CIDP
Chronic Inflammatory Demyelinating Polyneuropathy (CIDP)
What is CIDP?
Chronic inflammatory demyelinating polyneuropathy (CIDP) is a rare immune-mediated disorder that can cause severe limitations to a patients’ daily life. Over the course of several months, patients usually experience progressive muscle weakness and sensory disturbances, such as numbness or tingling, in the arms and legs.
If left untreated, patients can become unable to walk and might lose their independence in daily activities. In the Netherlands, approximately 50 people are diagnosed with CIDP each year. CIDP affects both children and adults but is more common in adults.
Cause
The exact cause of CIDP is unknown. The current understanding is that a patients’ immune system attacks the insulating covering of the peripheral nerves: the myelin sheet. The inflammatory process hampers the signal conduction from the brain to the muscle, leading to a decreased muscle function.
Fortunately, patients can regain their muscle function through treatment that selectively inhibits the immune system, combined with a rehabilitation programme. The extent to which patients regain muscle function varies. The potential to reverse the detrimental process is thought to be associated with the duration of symptoms before treatment is initiated.
When CIDP is recognized early, the chance of recovery is better. However, due to its rarity and diagnostic complexity diagnosis is often delayed. Therefore, it is important to create awareness, and identify factors that help to recognize patients with CIDP.
Diagnosis
There is no biomarker available to diagnose CIDP, so physicians need to recognize the pattern of clinical symptoms combined with results from additional testing. Recognizing CIDP is difficult, because there is a large variation in the presentation of symptoms. Different variants of CIDP exist, each with a specific distribution of muscle weakness and/or sensory disturbances.
- The majority, about 50%, of patients have a typical course of CIDP, in which muscle weakness and sensory disturbances in arms and legs progress over a period of at least two months.
- The other 50% of patients have one of several CIDP variants, such as muscle weakness without sensory disturbances (pure motor CIDP) or sensory disturbances without muscle weakness (pure sensory CIDP). An asymmetrical (‘spotty’) distribution of muscle weakness and sensory disturbances is called multifocal CIDP (MADSAM).
Medical treatment
CIDP is a treatable disorder, but some patients do not improve with treatment or improve only to a limited extent. It is therefore necessary to evaluate for each patient individually whether treatment is useful, and which treatment is best suited.

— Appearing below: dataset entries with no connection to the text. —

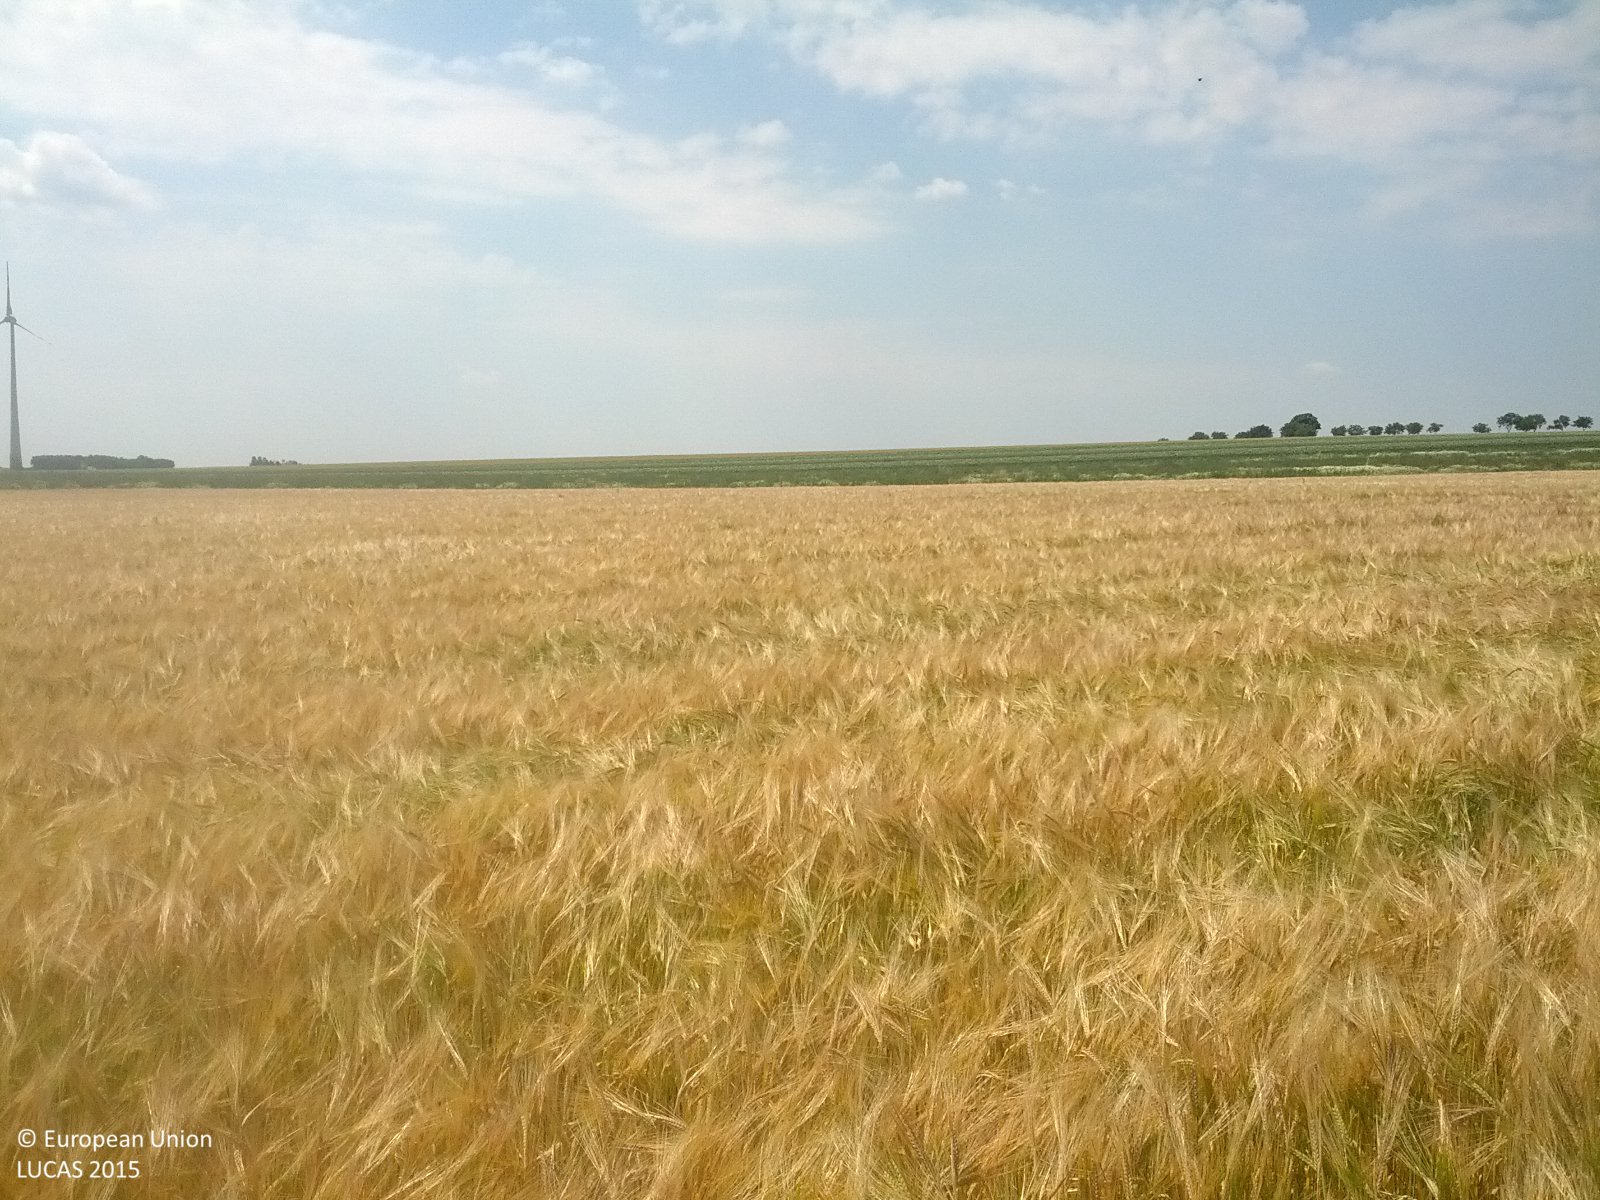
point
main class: Cropland
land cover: Barley
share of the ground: > 75 %
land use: Agriculture (excluding fallow land and kitchen gardens)
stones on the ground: < 10 %
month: July
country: AT
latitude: 48.6662
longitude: 16.7557

After diagnosis, treatment is often initiated with either corticosteroids (tablets or infusions) or infusions with immunoglobulins (IVIg), which are antibodies from donor plasma. Both treatments selectively inhibit the response of the patients’ immune system, reducing the inflammation of the nerves.
Most patients diagnosed with CIDP improve after initiation of medical treatment. Currently, physicians are unable to predict which treatment will give individual patients the best chance of recovery.